Tra i più devoti alla cábala ci sono Lisandro Martínez, Cuti Romero e Nahuel Molina. Sono loro ad accendere regolarmente un bastoncino di palo santo, il legno sacro sudamericano – il cui fumo, simile all’incenso, viene tradizionalmente utilizzato per purificare gli ambienti dalle energie negative, alleviare lo stress e favorire la concentrazione spirituale. Un rito nato durante il Mondiale in Qatar e diventato ormai un marchio di fabbrica: scherzando, i tre si definiscono «la banda del palo santo». Lo stesso De Paul, poi, ha una tradizione tutta sua: prima del riscaldamento, riempie le tasche di caramelle morbide e le distribuisce ai compagni. Un gesto nato quasi per caso durante il ritiro di Kansas City e trasformato rapidamente in rito propiziatorio. Lo stesso è accaduto con gli asados, le immancabili grigliate argentine: è stato Scaloni a incoraggiarle, considerandole un momento fondamentale per rafforzare il gruppo e stemperare la pressione. La tradizione, iniziata nel centro federale di Ezeiza prima della partenza per il Mondiale, è stata trasferita anche negli Stati Uniti. Dopo ogni partita, quando i giocatori rientrano dalle visite alle famiglie, il barbecue diventa un appuntamento fisso con Dibu Martínez come asador. Proprio come in Qatar, il portiere si è rasato i capelli e si è fatto tingere sulla tempia sinistra una bandiera argentina. Se allora aveva portato fortuna, perché cambiare?

Gran parte di queste abitudini nasce proprio dal trionfo del 2022. E la superstizione, in alcuni casi, coinvolge anche le famiglie. Il fratello di Enzo Fernández, per esempio, non ha raggiunto gli Stati Uniti prima dei quarti di finale. Non per problemi organizzativi, ma perché lo stesso Enzo glielo aveva chiesto: nel 2022 era arrivato in quel momento del torneo e modificare la sequenza avrebbe significato rompere l’inerzia positiva. I rituali vengono rispettati con un rigore quasi assoluto. La squadra entra sempre in campo per il riscaldamento con la stessa formazione a cuneo, guidata da Lionel Messi, a sua volta scortato da Paredes e De Paul. Il capitano è il primo a mettere piede sul prato e lo fa immancabilmente con il sinistro, una tradizione che affonda le radici nel Mondiale del 1986, quando Diego Armando Maradona guidò l’Argentina al titolo in Messico.

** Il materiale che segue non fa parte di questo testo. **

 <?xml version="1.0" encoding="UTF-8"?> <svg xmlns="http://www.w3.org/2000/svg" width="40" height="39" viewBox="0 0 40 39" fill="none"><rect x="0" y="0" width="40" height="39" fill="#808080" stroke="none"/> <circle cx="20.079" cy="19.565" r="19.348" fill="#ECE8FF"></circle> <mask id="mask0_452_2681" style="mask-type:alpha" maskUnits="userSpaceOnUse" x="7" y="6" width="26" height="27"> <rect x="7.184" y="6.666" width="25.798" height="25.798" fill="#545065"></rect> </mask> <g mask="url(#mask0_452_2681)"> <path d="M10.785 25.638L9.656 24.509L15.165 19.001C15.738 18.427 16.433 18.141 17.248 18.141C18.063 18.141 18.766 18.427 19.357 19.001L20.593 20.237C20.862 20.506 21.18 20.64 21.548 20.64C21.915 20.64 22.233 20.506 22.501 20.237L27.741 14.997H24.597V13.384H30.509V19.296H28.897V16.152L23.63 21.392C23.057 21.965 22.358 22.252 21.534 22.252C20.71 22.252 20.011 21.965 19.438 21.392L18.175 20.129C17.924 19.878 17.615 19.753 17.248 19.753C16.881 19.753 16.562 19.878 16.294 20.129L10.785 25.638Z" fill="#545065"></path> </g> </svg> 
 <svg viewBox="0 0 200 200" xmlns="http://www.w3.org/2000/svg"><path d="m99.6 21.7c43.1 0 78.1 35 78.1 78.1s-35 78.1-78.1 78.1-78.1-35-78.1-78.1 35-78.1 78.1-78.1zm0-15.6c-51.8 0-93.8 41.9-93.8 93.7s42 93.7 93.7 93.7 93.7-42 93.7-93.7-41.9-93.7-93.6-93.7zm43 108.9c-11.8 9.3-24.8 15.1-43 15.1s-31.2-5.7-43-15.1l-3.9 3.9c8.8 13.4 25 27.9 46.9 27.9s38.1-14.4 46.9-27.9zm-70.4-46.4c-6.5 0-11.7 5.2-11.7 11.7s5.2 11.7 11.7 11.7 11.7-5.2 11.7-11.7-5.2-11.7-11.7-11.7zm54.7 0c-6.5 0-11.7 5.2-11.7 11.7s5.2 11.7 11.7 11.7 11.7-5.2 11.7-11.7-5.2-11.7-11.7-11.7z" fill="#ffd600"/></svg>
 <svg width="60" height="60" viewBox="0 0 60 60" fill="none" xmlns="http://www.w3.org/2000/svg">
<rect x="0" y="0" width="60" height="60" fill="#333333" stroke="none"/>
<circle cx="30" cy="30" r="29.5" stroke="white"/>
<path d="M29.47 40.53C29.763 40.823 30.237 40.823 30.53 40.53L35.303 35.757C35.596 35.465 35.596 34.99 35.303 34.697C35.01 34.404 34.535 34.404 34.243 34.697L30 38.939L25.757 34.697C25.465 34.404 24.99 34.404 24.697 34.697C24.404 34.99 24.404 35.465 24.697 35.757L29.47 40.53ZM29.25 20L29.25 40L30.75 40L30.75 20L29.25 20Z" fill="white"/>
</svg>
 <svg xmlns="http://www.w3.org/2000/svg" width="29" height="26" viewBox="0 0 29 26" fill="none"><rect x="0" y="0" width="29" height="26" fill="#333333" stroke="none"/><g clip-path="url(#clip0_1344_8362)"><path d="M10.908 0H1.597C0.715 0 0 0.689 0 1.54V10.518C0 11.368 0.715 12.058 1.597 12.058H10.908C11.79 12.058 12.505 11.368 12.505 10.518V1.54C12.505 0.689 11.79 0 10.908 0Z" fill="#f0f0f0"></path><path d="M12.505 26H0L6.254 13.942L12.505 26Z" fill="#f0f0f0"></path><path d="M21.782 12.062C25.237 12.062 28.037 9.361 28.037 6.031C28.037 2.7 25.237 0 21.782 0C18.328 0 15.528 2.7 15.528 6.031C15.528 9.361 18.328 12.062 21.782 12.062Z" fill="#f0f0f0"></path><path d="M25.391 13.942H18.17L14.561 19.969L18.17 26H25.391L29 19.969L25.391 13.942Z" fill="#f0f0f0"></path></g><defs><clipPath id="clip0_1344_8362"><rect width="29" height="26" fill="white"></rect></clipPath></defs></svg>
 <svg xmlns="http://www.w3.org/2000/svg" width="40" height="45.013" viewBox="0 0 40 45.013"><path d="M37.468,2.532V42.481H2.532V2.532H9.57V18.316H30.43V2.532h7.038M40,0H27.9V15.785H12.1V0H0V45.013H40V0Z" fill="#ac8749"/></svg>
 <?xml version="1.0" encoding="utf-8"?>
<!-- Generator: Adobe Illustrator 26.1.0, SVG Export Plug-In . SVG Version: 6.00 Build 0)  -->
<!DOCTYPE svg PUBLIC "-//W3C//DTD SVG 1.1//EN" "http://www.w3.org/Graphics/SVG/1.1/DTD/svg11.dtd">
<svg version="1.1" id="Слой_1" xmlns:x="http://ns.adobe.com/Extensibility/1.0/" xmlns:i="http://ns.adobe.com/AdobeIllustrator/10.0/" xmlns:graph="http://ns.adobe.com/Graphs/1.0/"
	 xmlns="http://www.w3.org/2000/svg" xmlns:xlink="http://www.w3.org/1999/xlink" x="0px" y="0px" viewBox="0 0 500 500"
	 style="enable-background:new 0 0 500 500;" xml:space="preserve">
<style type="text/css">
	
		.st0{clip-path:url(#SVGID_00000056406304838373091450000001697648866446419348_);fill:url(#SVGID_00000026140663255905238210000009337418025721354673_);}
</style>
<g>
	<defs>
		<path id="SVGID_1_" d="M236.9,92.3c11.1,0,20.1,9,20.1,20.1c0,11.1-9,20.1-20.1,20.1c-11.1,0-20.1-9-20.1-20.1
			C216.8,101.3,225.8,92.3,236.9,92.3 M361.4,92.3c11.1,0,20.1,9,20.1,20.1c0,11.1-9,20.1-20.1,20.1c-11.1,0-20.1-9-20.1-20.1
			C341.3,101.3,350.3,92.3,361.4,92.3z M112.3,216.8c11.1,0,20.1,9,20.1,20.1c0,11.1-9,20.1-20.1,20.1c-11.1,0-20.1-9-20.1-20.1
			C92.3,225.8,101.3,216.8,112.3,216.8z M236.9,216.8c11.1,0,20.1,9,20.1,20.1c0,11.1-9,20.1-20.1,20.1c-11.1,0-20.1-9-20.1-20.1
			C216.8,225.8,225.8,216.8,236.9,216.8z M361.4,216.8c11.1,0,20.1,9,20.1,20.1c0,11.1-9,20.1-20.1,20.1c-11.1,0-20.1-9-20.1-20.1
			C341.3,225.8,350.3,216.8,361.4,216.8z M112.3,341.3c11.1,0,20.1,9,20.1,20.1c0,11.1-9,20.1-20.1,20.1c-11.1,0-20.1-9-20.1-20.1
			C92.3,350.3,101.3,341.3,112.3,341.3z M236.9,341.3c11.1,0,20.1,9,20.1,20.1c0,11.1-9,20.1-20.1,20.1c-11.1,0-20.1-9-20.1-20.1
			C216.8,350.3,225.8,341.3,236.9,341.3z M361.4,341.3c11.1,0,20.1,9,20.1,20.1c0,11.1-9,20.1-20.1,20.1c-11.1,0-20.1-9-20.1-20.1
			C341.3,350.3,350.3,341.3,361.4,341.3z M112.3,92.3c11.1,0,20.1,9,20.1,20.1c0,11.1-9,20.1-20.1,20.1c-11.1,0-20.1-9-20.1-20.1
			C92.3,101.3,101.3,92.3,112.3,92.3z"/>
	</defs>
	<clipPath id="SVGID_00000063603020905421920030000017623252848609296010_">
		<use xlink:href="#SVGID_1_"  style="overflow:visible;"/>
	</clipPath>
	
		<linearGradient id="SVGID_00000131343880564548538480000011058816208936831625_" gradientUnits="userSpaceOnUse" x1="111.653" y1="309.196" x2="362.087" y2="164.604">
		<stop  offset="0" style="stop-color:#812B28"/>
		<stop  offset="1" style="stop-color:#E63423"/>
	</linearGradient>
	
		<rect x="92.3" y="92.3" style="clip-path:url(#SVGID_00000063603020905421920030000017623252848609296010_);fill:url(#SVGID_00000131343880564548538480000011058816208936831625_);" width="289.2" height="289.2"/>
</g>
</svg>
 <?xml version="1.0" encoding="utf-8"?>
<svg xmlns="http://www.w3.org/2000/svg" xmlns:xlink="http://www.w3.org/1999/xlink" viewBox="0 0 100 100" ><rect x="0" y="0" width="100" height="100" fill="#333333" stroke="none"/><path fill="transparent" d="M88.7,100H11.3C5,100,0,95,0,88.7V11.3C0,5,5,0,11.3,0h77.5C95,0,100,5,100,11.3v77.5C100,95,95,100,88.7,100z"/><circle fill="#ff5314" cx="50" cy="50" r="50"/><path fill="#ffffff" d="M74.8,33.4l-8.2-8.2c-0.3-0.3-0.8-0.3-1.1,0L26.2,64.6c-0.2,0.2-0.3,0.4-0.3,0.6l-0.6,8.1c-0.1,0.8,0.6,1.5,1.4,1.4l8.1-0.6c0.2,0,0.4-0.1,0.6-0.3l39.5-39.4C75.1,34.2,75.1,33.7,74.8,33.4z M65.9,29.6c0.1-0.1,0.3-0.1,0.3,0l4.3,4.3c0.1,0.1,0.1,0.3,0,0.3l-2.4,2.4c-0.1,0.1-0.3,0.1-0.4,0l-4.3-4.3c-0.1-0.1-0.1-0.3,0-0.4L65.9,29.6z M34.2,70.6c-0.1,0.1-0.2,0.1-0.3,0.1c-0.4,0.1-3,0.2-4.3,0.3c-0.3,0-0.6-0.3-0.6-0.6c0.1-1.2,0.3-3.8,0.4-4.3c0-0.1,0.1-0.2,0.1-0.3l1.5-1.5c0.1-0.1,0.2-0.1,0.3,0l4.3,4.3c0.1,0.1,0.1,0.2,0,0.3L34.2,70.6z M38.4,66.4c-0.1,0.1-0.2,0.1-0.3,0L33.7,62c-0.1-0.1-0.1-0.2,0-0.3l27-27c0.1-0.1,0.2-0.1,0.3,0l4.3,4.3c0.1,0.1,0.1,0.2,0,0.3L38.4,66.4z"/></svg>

La storia della Nazionale argentina è costellata di episodi simili. Già nel 1978 si raccontava che Daniel Passarella guardasse film horror prima delle partite. Otto anni più tardi Carlos Bilardo trasformò la superstizione in un vero e proprio metodo: ogni giocatore aveva il proprio posto fisso sull’autobus, vietò il pollo durante i ritiri dopo una sconfitta arrivata in coincidenza con un pranzo a base di pollo e pretese che per tutto il torneo fosse sempre la stessa pattuglia di polizia a scortare il pullman della squadra. Lui, invece, telefonava ogni giorno di match alla moglie, sempre alla stessa ora – le cinque del pomeriggio. Perché, quando il peso delle aspettative diventa quasi insostenibile, la cábala offre agli argentini qualcosa che il calcio da solo non può garantire: l’illusione di avere un piccolo controllo sull’imprevedibilità del gioco. E anche Lionel Scaloni, in fondo, ha il suo rito personale. Prima di ogni partita entra in campo con il piede destro e si fa il segno della croce. Da quel momento in poi, il resto è affidato al campo – o forse alla scaramanzia.